As shown in Fig. 1(d), the peaks at about 1350 cm− 1 and 1580 cm− 1 in the pyrolyzed CB-template are characteristic for the D (defect) and G (graphite) bands of graphitic carbon[23, 24]. After the SiO gas and N2 infiltration, for the CB-template, the peaks at approximately 510 cm− 1, 560 cm− 1, 763 cm− 1, 848 cm− 1, 914 cm− 1, 972 cm− 1, 1032 cm− 1 are observed, which are related to the lattice vibration of the α-Si3N4 crystal[25, 26]. It is worth emphasizing that unreacted graphite phase is confirmed. Whereas, for the CB-template coating with Y2O3 additives, seven sharp peaks at approximately 450 cm− 1, 624 cm−1, 736 cm− 1, 865 cm− 1, 930 cm− 1, 936 cm− 1 and 1047 cm− 1 are obvious observed, which can be well indexed to the β-Si3N4[27]. The absence of graphite peaks is attributed to the complete CRN reaction.

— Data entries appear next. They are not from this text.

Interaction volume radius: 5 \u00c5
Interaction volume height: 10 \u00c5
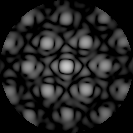
Disorder parameter: 0.231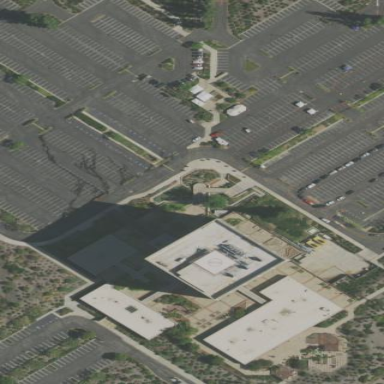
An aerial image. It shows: Parking area with surface near healthcare centre.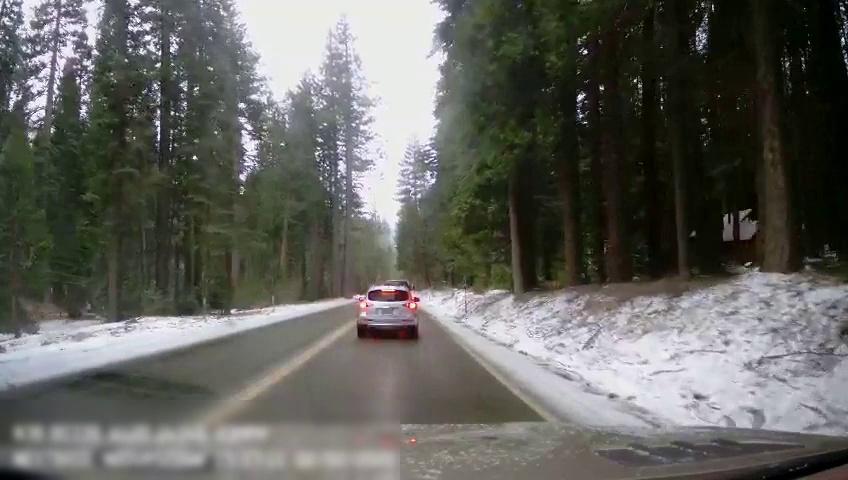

The results indicated that the α to β-Si3N4 phase transformation through the dissolution-precipitation process facilitating the CRN reaction.
However, for the CB-templates coating with with Y2O3 nanoparticles, the as-obtained β-Si3N4 ceramics after sintering at 1750°C for 4 h also inherits the anisotropic microstructure of the CB-templates (Fig. 2e, f). Meanwhile, vertically well-aligned β-Si3N4 nanowhisker arrays are observed on the microchannel walls, indicating the phase transformation from α to β-Si3N4 occurred during liquid sintering.
Figure 3(a) displays the enlarged SEM images of β-Si3N4 nanowhisker arrays on the microchannel walls. The single crystalline β-Si3N4 nanofibers are uniformly aligned normal to the microchannel wall surface. The length of β-Si3N4 nanowires is less than 8 µm and their diameter is smaller than 700 nm. Conventional solution-precipitation route is an effective approach to grow β-Si3N4 whiskers[29]. The entire nucleation-growth of β-Si3N4 nanowhisker arrays consists of four steps: (I) Long microchannels formed by equiaxed α-Si3N4 crystallines are synthesized according to the vapor-solid CRN reaction. (II) Homogeneous distributed Y2O3 nanoparticles attaching to the walls surface of long microchannel facilitates the formation of Y-Si-O-N liquid phase during heat treatment processing. (III) The Y-Si-O-N liquid phase attaching to the microchannel wall surface facilitates the anisotropic β-Si3N4 growth along [0001] direction to form one-dimensional nanowires, following the crystal prolongation mechanism[30–32]. Large amount of β-Si3N4 nuclei are formed during the α to β-Si3N4 phase transformation process through the dissolution-precipitation mechanism in liquid phase. (IV)The nanowhisker growth starts with the large scale nucleation on the wall surface and clusters of nanowhiskers quickly develop at high temperature of 1750°C. As a result, the walls became thinner and vertically well-aligned β-Si3N4 nanowhisker arrays are successfully synthesized. As reaction proceeds these clusters get densely packed leading to large scale nano-arrays. For confirmation of microstructural characteristics of bio-Si3N4 ceramics, EDS patterns of elemental mappings of bio-Si3N4 ceramic is shown in Fig. 3(b). As shown in it, quantitative analysis exhibits that the average atomic ratio of Si/N is approximately 1:1, which further confirms the formation of Si3N4 nanocrystals.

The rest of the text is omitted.